# Vertical spray bar setup



## JDM (Dec 9, 2012)

I setup a new spraybar last night, sort of an experiment... everything seems to be an experiment. I'll post something in the DIY section with some pictures and materials later as this is a very easily reconfigured setup.

I had the stock outlet nozzle that came with the filter (Marineland C-220 canister) and it has been fine other than producing a lot of directed flow at the surface. I've managed to figure out where best to direct it to break up the flow but I've been toying around with the idea of a spray bar setup. I just never did anything with it. 

What I have now is a piece of 5/8" black soaker hose that I drilled 1/4" holes 2" apart on both sides and hung it into the tank vertically which directs the flow in two directions. This does not disturb the surface of the water. The holes provide about twice as much output area as the original nozzle which slows down the water flow speed by half and it is in little 1/4" spouts rather than one 5/8" spout.

I can't tell yet if it will affect the fish behaviour differently, the barbs seemed to like the current.

Anyone else try something similar and have any particular observations as to how it affected their overall tank environment?

Jeff.


----------



## Chesh (Feb 17, 2012)

Nothing to add, I've considered doing this myself, so am curious as to how it's going!


----------



## JDM (Dec 9, 2012)

Well there's an upside and a downside to the vertical so far. 

The surface disturbance is far less but the direction of flow does accumulate the floating plants into the middle of the tank, not quiite what i wanted, I want them at one end. Due to not as much surface movement, that nice shimmering effect is also gone.

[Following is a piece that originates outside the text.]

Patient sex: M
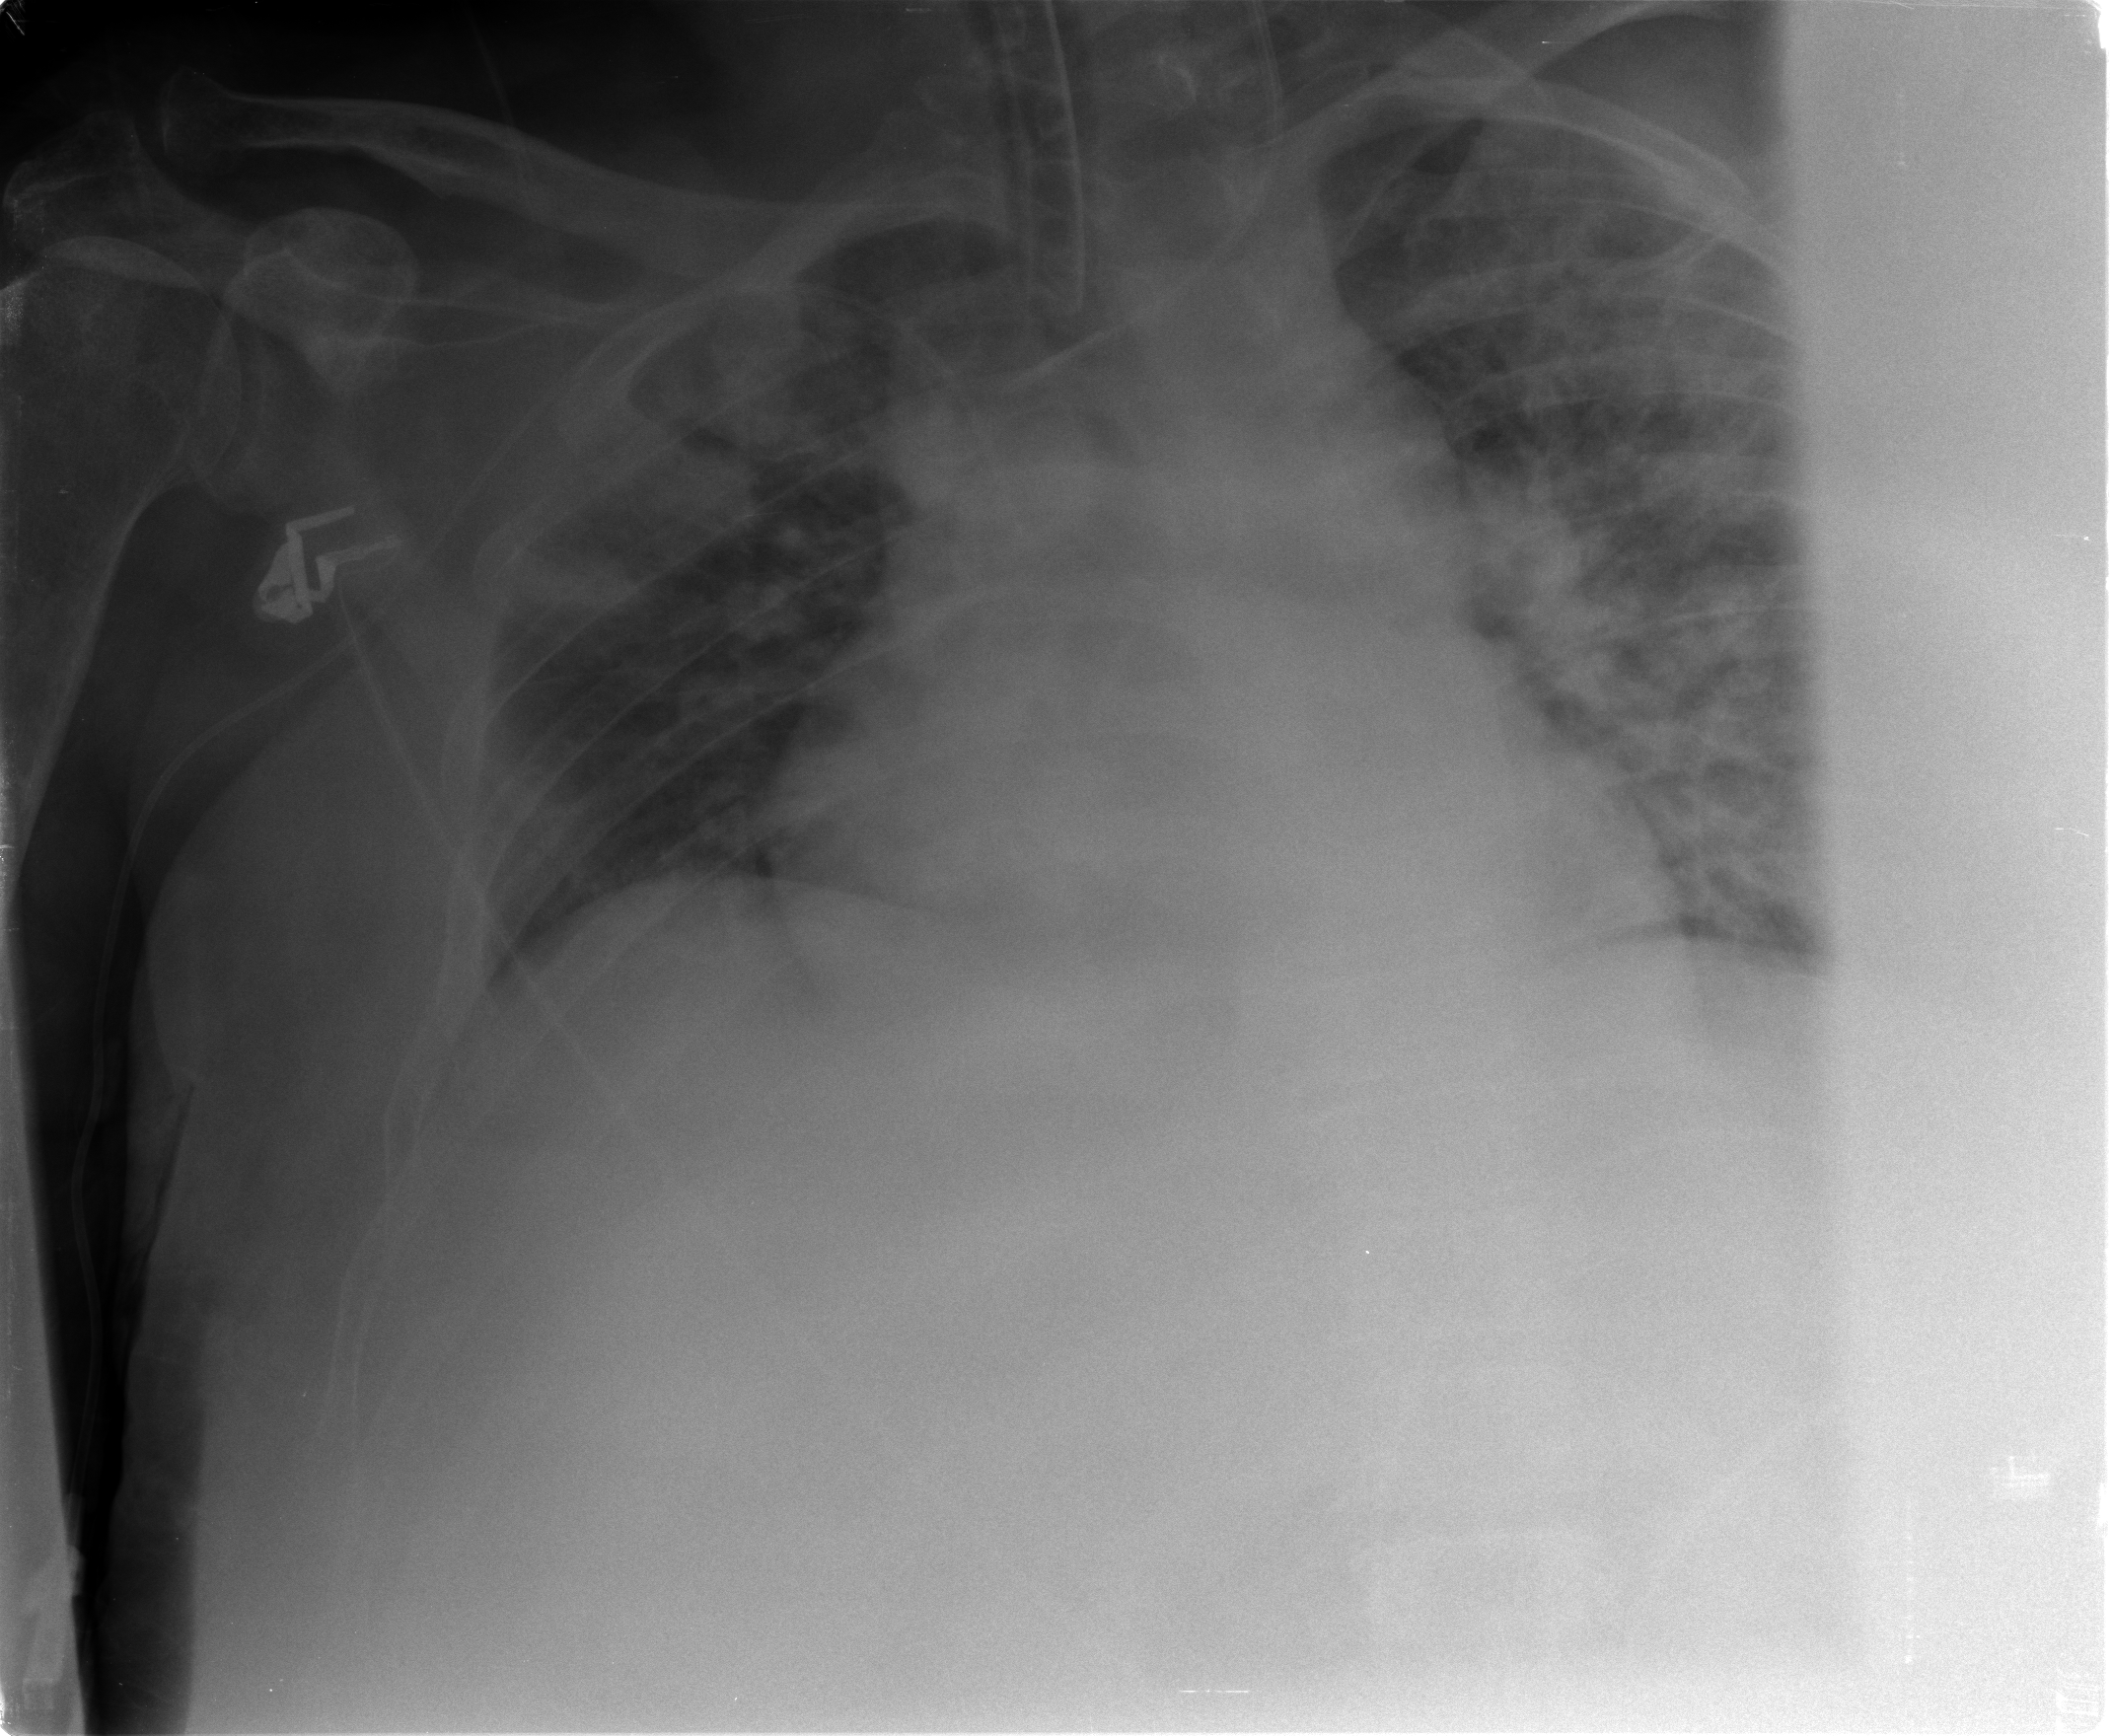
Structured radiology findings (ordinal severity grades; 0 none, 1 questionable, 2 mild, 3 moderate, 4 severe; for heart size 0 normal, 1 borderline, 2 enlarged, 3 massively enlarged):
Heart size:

Seeing as have yards of this tubing and it is very easy to attach to the filter I'm just going to tinker to get the flow that I want where I want.

Jeff.


----------



## jaysee (Dec 9, 2009)

Each of my tanks has a vertical spraybar on one filter, and a horizontal at the surface on the other. When I had the 30 hex (tall and narrow) running, I had a vertical mounted spraybar only - I added a small powerhead at the surface to break the surface tension. The vertical mounting circulates water very well.


----------



## Chesh (Feb 17, 2012)

Hmm, I like the idea of doing both, too - might have to experiment with that when I get the bigger tank set up and dual filters. . .

I've only had my canister for 7 months or so - I've been messing with the spraybar the entire time. Getting closer, but not *quite* happy yet. It's nice that they're so easily customizable with inexpensive materials - fun, too!

You'll have to share what solution ends up working for you when you get that far, JDM. . .


----------